只廉清同志有深厚的母语文化功底,家学渊源富积。其父是当地有名的毕摩,为彝人做“指路”,感人肺腑,他梦中经常失声高呼:“我是勿底(南诏王)嫡孙,我是彝山先知使者”。他又是二十世纪五十年代当地唯一从省财校毕业的高材生,他植根于当地南诏文化厚土,钻研五行八卦等汉学,时而吟诵“避风善阐台,极目见腾越,悲哉古与今,依然烟与月……”(南诏国第七代王寻阁劝收入《全唐诗》的名作)诗句。父亲对他言传身教,使他自幼便对南诏文化及彝族文化有了一定的了解。后来上学工作以后,他潜心研究,并认真向毕摩学习,出版了《南诏王室后裔茶勿底》《腊逻吉地》《千年土主》等五部专著,担任云南南诏研究中心主任,自然为写出《指路》大作奠定了深厚的基础。
巍山是南诏国的发祥地,是中华彝族祭祖的圣地,巍山的彝族文化底蕴十分深厚。生在巍山、长在巍山的只廉清是幸运的,他从小在毕摩父亲的教诲之下、在彝山古老文明的孕育下成长,长期耳濡目染,由此训练出了一双辨识文化良莠的慧眼和保护传承先进文化的自觉;他也是不幸运的,弟弟、妹妹的早逝和父亲、舅舅、舅母等亲人的去世,让他敏感的心灵一次又一次地经历了悲与痛的煎熬。这幸与不幸的相互交织,也让他对生与死有了更深一层的感悟。理性与感性的相互交叠,也使《指路》一书具有了独特的阅读价值。书里记录的毕摩主持的丧葬祭祀过程、感悟,以及他讲述的丧葬故事,因为既是其真实经历,又是亲身感受,读来让人觉得真实、浩瀚、充满人生哲理和智慧,而又直击心灵。
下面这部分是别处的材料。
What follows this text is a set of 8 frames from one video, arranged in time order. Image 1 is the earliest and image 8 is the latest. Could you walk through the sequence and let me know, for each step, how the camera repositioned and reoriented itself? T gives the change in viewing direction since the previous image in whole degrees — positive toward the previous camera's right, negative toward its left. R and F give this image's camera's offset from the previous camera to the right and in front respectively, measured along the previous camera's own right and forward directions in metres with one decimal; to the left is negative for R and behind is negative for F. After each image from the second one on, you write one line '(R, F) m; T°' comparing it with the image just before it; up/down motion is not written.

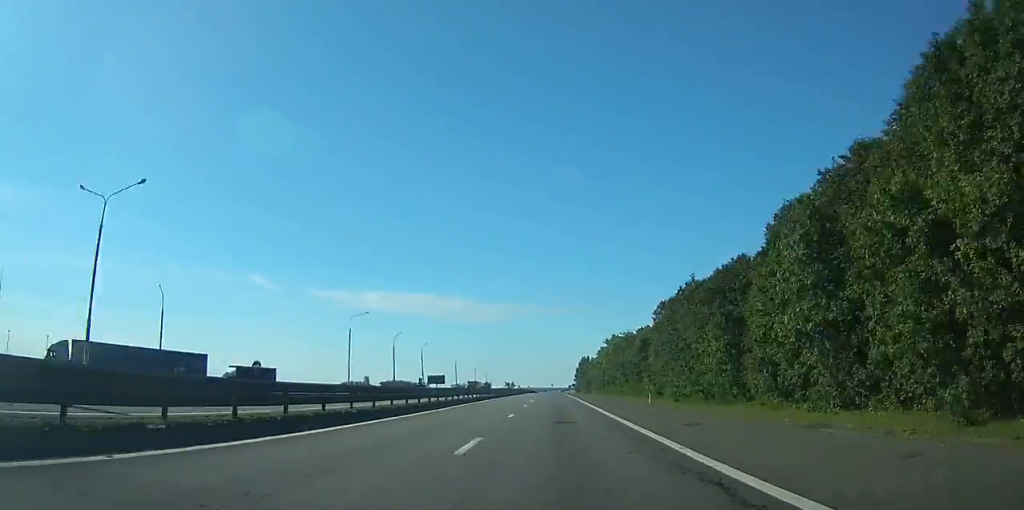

我自2008年起主持主祭“中华彝族祭祖大典”(已主持八届),当时只廉清同志担任大典的联络工作,他出于对彝族毕摩文化的崇敬,虚诚拜我为师当毕摩的徒弟,我虽没有更多的教授,但于彝文化的良缘挚情,与他于毕摩文化多有交流,得益良多。年初,他把《指路》手稿交我拜读,并请我写序。我详阅书稿,爱不释手,由衷感佩,是为序。
作者:系南诏学专家、著名毕摩、楚雄彝族文化研究院毕摩文化研究所所长、副研究员。